At the sub-panel there must be no connection between the neutral bus bar and the equipment ground bus bar or the neutral bus bar and the sheet metal of the breaker box. You may need to purchase an additional bus bar for the equipment ground since many panels, especially those that come with a main breaker, do not come equipped with one. If the panel comes with a bonding screw or bonding strap, do not install it to the neutral. Depending on the brand of panel, you may need it to connect the ground bus to the sheet metal enclosure.

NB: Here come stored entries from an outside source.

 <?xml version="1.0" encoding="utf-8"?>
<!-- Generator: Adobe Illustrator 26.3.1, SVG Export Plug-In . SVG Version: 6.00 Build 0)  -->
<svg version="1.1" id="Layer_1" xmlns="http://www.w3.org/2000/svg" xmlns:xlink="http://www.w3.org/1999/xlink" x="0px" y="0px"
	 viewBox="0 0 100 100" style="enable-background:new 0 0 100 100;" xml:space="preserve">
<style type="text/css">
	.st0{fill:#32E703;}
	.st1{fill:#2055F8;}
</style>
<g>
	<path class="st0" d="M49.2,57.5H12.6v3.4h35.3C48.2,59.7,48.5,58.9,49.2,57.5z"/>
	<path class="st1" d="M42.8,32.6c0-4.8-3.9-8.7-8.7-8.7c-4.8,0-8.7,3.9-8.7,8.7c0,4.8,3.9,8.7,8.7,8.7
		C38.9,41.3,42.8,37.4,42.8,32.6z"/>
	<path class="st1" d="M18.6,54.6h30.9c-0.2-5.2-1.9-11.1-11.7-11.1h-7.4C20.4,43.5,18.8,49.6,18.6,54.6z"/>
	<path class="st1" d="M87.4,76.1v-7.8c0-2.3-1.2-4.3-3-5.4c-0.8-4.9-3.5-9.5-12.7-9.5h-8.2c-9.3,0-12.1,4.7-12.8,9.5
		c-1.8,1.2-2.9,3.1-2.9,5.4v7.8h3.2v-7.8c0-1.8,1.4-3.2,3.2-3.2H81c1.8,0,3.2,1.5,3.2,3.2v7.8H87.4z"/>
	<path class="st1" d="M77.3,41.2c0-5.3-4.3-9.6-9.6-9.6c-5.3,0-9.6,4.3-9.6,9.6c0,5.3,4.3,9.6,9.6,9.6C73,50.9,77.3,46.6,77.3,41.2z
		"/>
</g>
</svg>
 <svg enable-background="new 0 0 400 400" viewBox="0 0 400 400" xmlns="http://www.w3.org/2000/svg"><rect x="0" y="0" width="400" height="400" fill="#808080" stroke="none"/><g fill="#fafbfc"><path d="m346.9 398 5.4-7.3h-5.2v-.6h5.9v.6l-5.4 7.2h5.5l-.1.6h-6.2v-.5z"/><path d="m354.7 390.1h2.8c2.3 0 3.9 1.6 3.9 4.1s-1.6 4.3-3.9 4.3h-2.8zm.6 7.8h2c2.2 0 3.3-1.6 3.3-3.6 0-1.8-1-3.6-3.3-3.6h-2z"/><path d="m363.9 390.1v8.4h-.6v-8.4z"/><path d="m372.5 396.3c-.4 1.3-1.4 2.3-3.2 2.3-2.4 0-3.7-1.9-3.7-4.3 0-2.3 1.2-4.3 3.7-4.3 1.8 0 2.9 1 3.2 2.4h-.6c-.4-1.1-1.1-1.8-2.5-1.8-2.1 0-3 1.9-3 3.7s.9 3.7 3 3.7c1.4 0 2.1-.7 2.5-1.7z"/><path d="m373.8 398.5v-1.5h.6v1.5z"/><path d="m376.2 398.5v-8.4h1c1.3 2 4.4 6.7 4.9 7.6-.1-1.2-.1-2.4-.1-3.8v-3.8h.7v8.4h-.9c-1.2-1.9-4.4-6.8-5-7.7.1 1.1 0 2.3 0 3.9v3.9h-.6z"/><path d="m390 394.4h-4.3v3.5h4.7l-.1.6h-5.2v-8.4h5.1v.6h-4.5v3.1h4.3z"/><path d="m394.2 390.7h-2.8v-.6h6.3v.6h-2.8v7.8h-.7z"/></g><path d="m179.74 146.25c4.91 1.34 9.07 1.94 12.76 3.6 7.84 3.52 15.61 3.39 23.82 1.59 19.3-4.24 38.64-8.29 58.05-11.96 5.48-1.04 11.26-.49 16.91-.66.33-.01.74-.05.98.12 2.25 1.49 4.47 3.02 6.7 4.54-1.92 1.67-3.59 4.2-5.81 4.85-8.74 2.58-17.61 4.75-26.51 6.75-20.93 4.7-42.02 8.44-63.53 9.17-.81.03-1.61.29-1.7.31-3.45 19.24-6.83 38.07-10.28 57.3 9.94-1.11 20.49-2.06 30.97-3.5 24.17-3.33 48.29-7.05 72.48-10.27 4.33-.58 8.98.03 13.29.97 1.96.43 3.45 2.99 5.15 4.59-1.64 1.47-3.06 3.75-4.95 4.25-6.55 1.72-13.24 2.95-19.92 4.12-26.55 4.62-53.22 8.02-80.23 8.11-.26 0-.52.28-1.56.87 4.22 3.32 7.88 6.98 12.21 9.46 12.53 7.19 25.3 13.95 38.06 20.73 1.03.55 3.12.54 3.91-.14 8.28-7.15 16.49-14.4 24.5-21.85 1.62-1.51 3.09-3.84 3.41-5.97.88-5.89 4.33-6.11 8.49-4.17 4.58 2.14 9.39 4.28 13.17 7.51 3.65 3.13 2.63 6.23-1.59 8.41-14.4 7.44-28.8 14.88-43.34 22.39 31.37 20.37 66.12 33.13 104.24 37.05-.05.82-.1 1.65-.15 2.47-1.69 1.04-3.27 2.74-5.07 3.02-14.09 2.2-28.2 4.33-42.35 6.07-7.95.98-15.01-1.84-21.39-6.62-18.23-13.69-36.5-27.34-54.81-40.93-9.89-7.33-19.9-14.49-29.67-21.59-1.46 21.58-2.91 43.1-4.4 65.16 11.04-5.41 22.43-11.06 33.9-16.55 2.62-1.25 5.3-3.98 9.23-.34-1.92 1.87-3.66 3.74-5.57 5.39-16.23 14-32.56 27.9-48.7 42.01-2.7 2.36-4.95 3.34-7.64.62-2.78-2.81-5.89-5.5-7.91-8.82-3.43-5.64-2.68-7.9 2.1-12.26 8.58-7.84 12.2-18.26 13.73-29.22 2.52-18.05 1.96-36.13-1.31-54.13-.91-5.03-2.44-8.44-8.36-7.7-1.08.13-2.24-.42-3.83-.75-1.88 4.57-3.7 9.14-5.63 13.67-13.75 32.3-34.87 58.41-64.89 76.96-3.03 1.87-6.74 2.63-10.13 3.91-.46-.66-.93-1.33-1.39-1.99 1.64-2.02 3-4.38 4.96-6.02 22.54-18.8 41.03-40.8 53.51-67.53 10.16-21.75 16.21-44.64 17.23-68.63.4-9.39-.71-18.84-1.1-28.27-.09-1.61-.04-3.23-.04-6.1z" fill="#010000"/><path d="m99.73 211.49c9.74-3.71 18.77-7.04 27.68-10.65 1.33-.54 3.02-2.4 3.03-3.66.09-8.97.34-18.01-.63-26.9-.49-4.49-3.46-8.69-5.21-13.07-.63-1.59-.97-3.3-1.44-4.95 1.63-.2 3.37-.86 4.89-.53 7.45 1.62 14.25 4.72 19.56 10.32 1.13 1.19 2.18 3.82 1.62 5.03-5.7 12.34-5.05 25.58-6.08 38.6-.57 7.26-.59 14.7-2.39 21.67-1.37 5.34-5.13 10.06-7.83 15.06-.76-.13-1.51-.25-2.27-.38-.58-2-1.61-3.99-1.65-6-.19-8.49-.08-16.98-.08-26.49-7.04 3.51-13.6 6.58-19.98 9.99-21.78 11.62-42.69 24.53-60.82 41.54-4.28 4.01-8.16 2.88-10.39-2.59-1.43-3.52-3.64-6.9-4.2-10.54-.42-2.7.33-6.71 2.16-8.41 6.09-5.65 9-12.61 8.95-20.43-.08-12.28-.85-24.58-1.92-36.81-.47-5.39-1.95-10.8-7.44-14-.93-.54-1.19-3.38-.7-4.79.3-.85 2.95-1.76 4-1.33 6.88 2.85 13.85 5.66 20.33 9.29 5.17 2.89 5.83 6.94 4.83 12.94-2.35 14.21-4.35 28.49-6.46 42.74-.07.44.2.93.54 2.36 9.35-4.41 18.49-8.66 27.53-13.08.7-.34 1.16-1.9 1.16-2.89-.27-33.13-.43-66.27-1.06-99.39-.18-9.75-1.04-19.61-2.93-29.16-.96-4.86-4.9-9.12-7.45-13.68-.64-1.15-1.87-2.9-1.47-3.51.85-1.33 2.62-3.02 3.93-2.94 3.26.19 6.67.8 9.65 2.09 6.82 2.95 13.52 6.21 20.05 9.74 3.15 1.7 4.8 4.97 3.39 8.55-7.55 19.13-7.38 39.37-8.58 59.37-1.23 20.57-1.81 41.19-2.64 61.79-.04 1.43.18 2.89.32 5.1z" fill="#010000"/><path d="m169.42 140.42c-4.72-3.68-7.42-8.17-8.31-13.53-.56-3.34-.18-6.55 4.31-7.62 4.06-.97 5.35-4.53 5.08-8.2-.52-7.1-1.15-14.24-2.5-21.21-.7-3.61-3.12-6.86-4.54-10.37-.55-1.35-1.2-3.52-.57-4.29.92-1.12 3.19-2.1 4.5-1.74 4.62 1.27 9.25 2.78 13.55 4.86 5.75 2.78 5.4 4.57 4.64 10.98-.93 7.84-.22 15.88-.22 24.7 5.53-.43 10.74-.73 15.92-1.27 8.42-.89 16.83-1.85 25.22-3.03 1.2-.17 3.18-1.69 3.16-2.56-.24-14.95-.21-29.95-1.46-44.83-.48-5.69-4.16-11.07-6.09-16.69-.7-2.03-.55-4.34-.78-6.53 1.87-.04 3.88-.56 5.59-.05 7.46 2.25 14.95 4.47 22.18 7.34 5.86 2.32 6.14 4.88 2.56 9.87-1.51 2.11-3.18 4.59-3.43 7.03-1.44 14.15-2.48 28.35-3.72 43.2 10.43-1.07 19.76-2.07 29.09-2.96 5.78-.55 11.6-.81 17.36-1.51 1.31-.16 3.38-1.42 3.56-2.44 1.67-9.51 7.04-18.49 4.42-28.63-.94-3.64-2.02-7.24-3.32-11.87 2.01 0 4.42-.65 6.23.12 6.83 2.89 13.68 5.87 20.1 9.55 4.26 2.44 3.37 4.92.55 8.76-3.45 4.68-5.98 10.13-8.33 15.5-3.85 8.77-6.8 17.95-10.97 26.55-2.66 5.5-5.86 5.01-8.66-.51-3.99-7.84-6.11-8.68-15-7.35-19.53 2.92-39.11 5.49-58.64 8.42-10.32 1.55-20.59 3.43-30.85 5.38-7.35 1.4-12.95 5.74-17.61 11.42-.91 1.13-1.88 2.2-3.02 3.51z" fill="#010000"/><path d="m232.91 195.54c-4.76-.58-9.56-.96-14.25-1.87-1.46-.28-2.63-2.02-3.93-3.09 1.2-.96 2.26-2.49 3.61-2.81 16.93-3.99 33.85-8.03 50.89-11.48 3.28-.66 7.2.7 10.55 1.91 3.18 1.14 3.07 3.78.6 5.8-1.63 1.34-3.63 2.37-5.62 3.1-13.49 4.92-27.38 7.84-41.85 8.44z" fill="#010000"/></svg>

At the remote building, you will need to drive two eight-foot ground rods located a minimum of six feet from each other and connect them to the equipment ground bus using #6 copper wire. The easiest way is to make one continuous run without cutting the wire. The rods must be driven in flush or below grade. The ground rod clamps must be listed for direct burial. It will say so on the clamp or look for the letters "DB". If you have any metal piping (except gas lines) in the remote building, you must bond it to the equipment ground bar, use #6 wire. If the connection is to a metal water line, the connection should be within the first 5 feet of where the water line enters the building. All connections must remain accessible, so if the connection will end up inside a wall, you must provide an access plate.

I realize that some of the things I've included exceed the code minimum, but this is an attempt to make a "one size fits all" response without getting into a really long discussion.

For a sub-panel in the same dwelling there is no need for additional ground rods or connections to metal piping. Also, no need for a main breaker in the sub-panel, regardless of the number of circuits. Unless you are running metal conduit, you will need to run a 4 wire feeder.

Wire ampacity notes

If you are installing a sub-panel in your house, the ampacity of #4 copper or #2 aluminum is 100 amps as determined by a special table in the code. However, in some jurisdicitons, there is a very strict interpretation of this table and these ampacities would not be allowed for a sub-panel in your house. If you aren't sure, ask your inspector if he will allow the ampacities shown in table 310-15(B)(6) or go up one size wire to #3 copper or #1 aluminum.

The current carrying capacity of an insulated conductor is related to the type of insulation. Modern insulation allows conductors to be operated at higher current levels which generate more heat. There is a problem if you install the modern conductors into an older service panel as the higher temperatures could damage the older types of insulation. If your home was wired prior to 1985, you may have conductors with a lower rated insulation. If you have an older home or aren't sure, to be on the safe side, use the wire capacity table above that deals with cables. The larger conductors that you will use will now be in the same temperature class as the older styles of insulation.

Circuit breaker notes

Circuit breakers and panelboards also have a temperature rating. Most modern circuit breakers will be marked 60/75 C. This means that this circuit breaker can be used with wire being operated at its 75 degree C rating without doing damage to the circuit breaker.

However (there always seems to be one of those), the entire panel must be listed for use at that temperature. Older panels will not have the higher temperature rating. In order to find out if your existing panel is rated for 75 degree ampacities, you will need to read all of those fine print labels. For us older guys, that means break out the magnifying glass. You cannot just stick a new circuit breaker into an old panel and assume that it will be safe.

During your exploration of all the fine print, you should be looking for some indication that 75 degree wire can be used at its full temperature rating. What you're hoping to see is a reference to 60/75C for conductor sizes #14 to #1 AWG. If you don't see the 75 degree listing, then the wire must be operated at the 60 degree rating, therefore use the table above for cables to select the correct wire size.